▸ **What you are asked to do**: A word-for-word copy of the data is what's wanted; pictures stay out of it.

▸ **The data**:
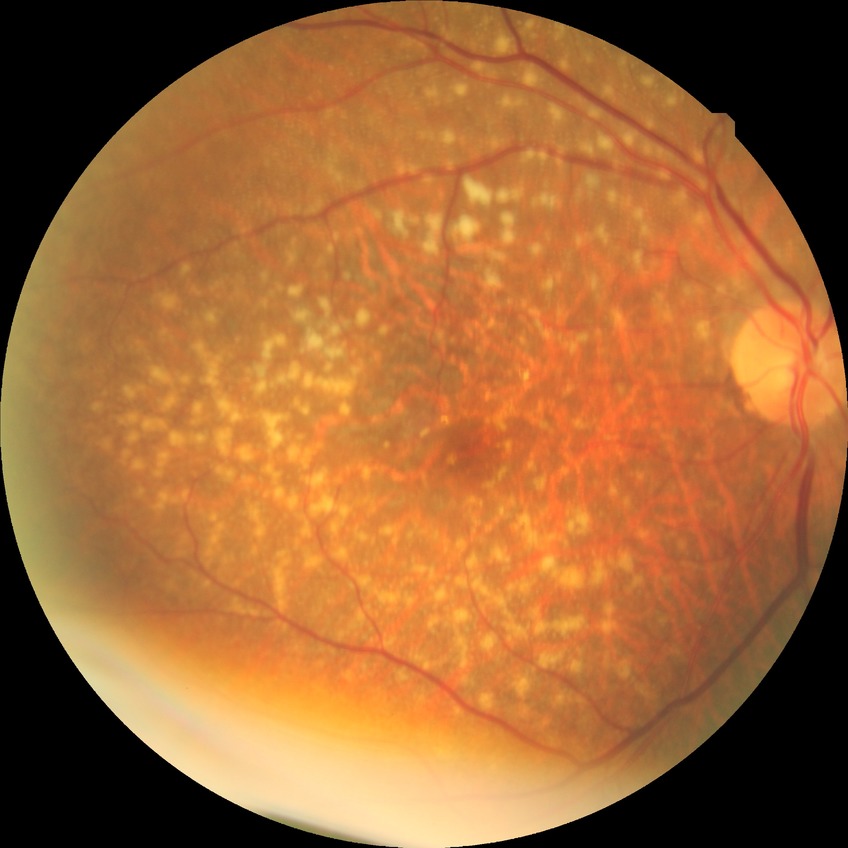

Diabetic retinopathy stage is no diabetic retinopathy.
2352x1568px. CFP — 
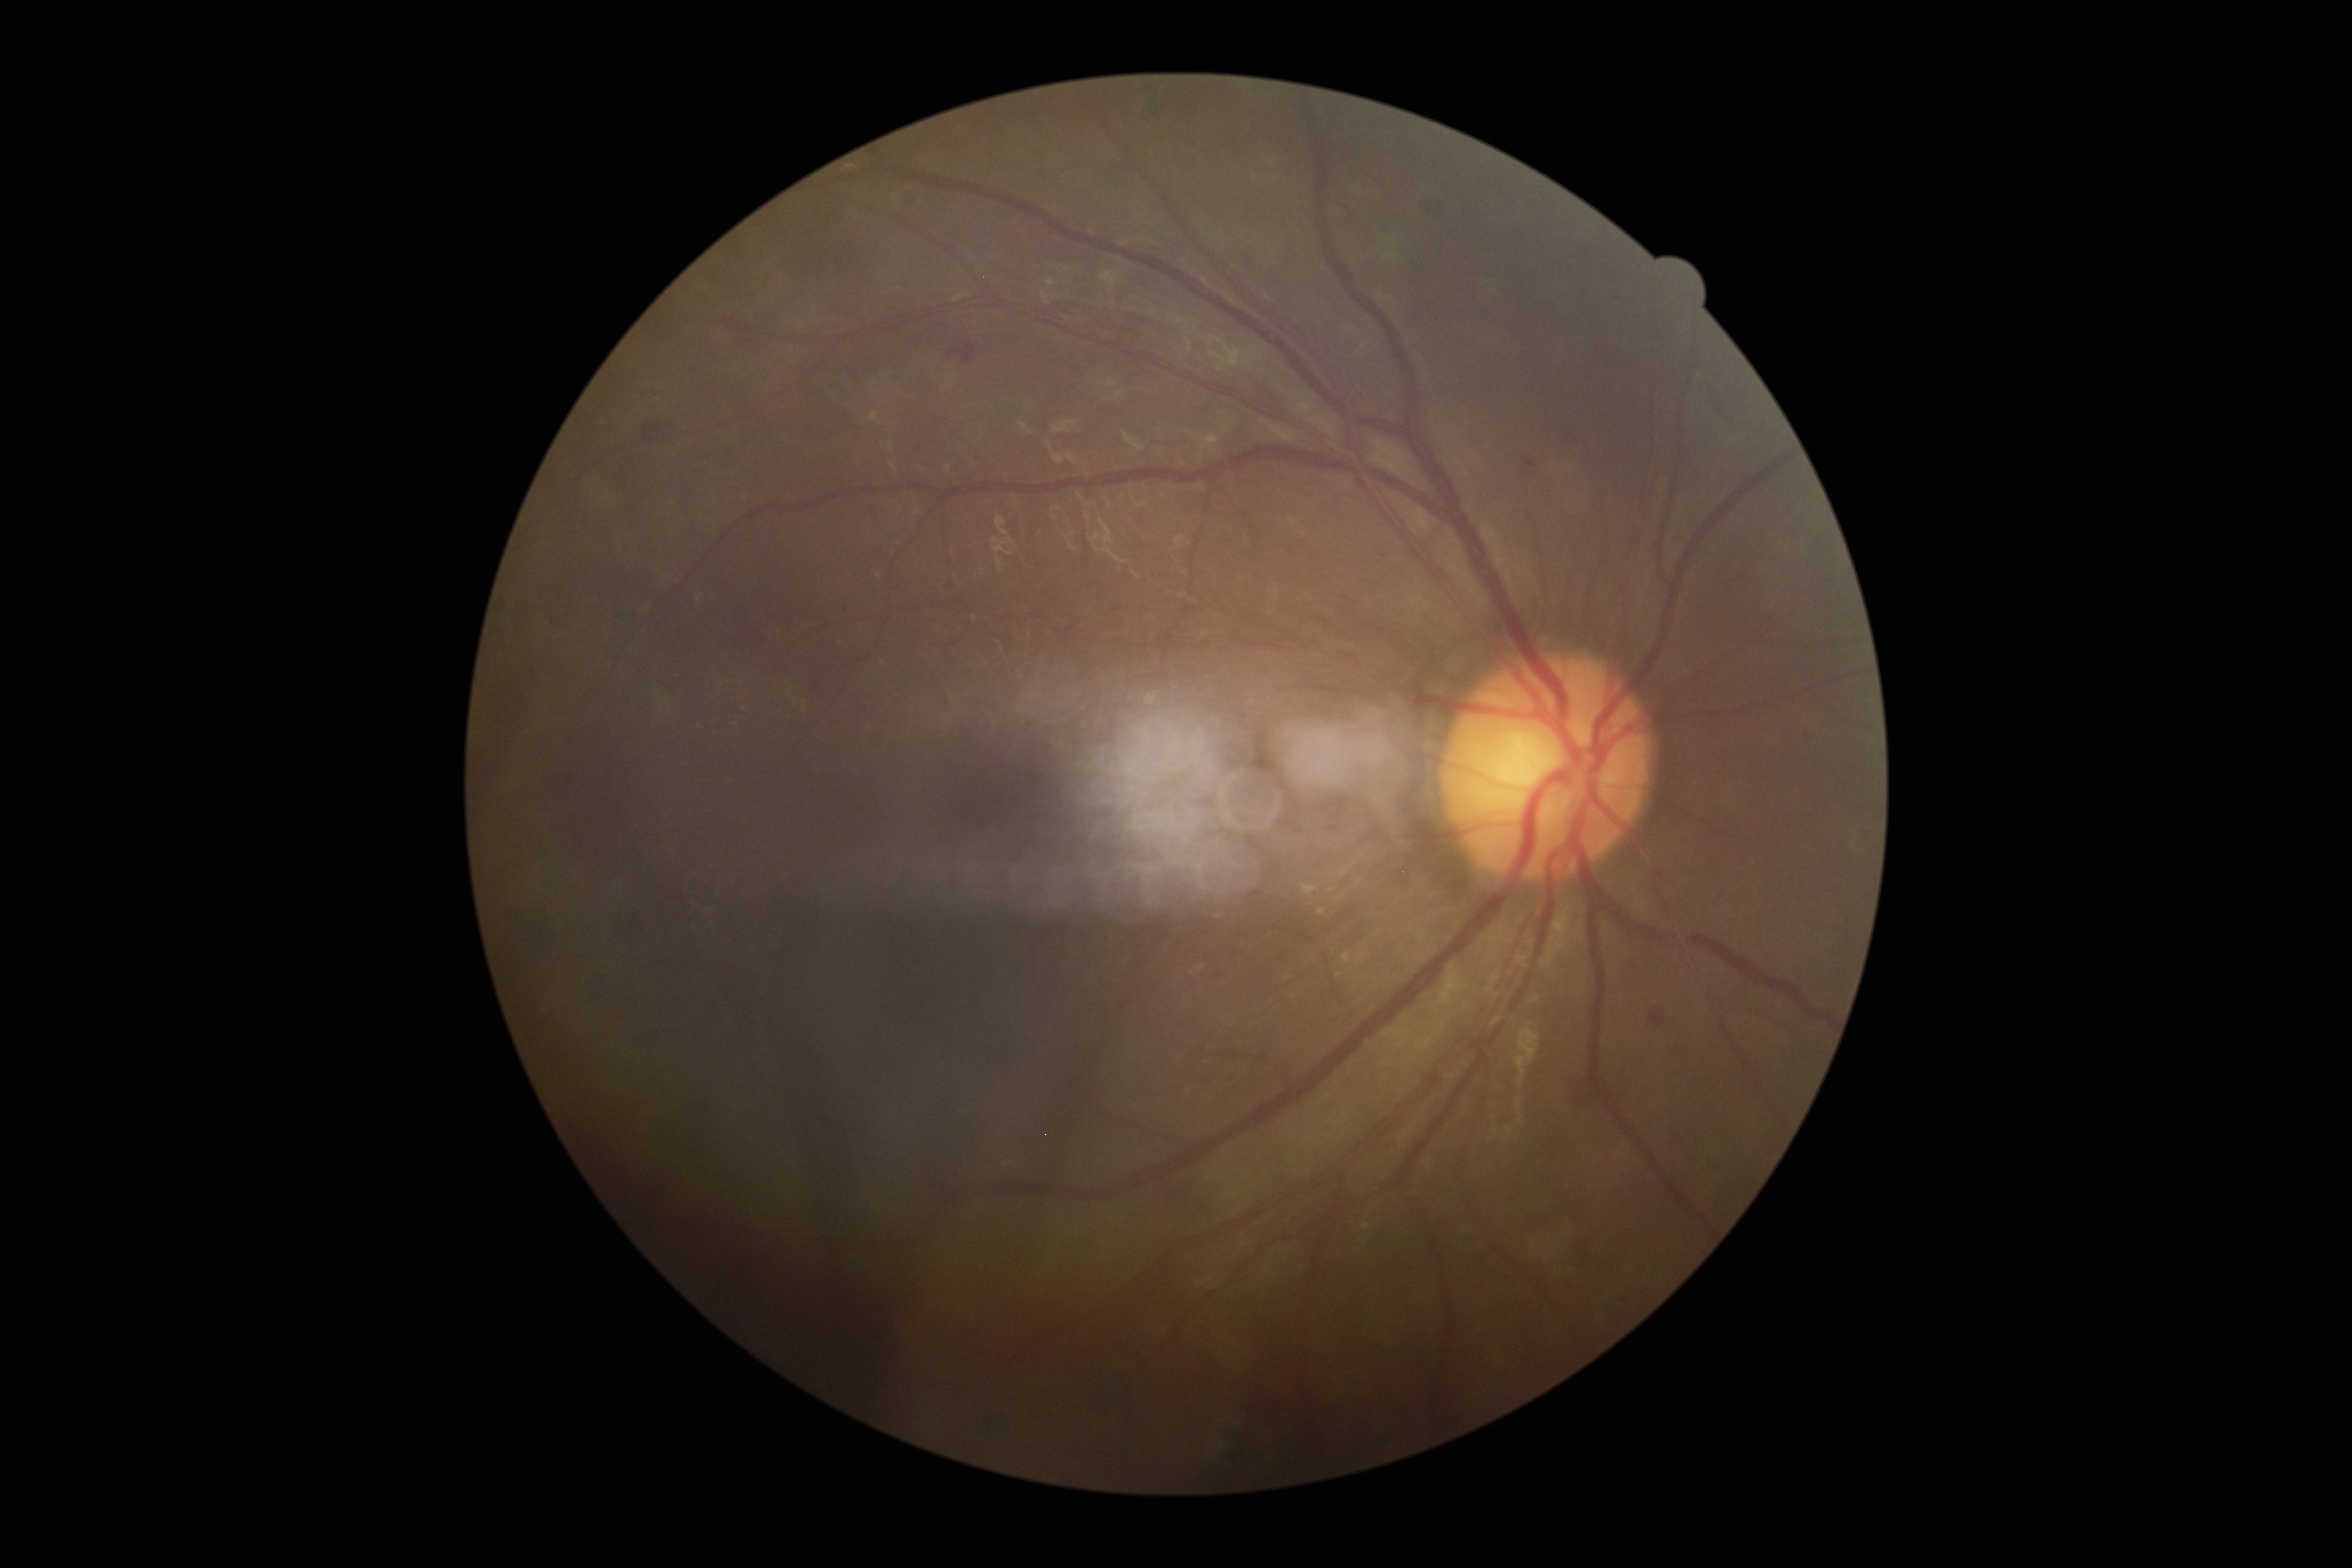 Diabetic retinopathy: grade 2 (moderate NPDR) — more than just microaneurysms but less than severe NPDR.

▸ **Expected output**:
Diabetic retinopathy stage is no diabetic retinopathy.
2352x1568px. CFP — 
 Diabetic retinopathy: grade 2 (moderate NPDR) — more than just microaneurysms but less than severe NPDR.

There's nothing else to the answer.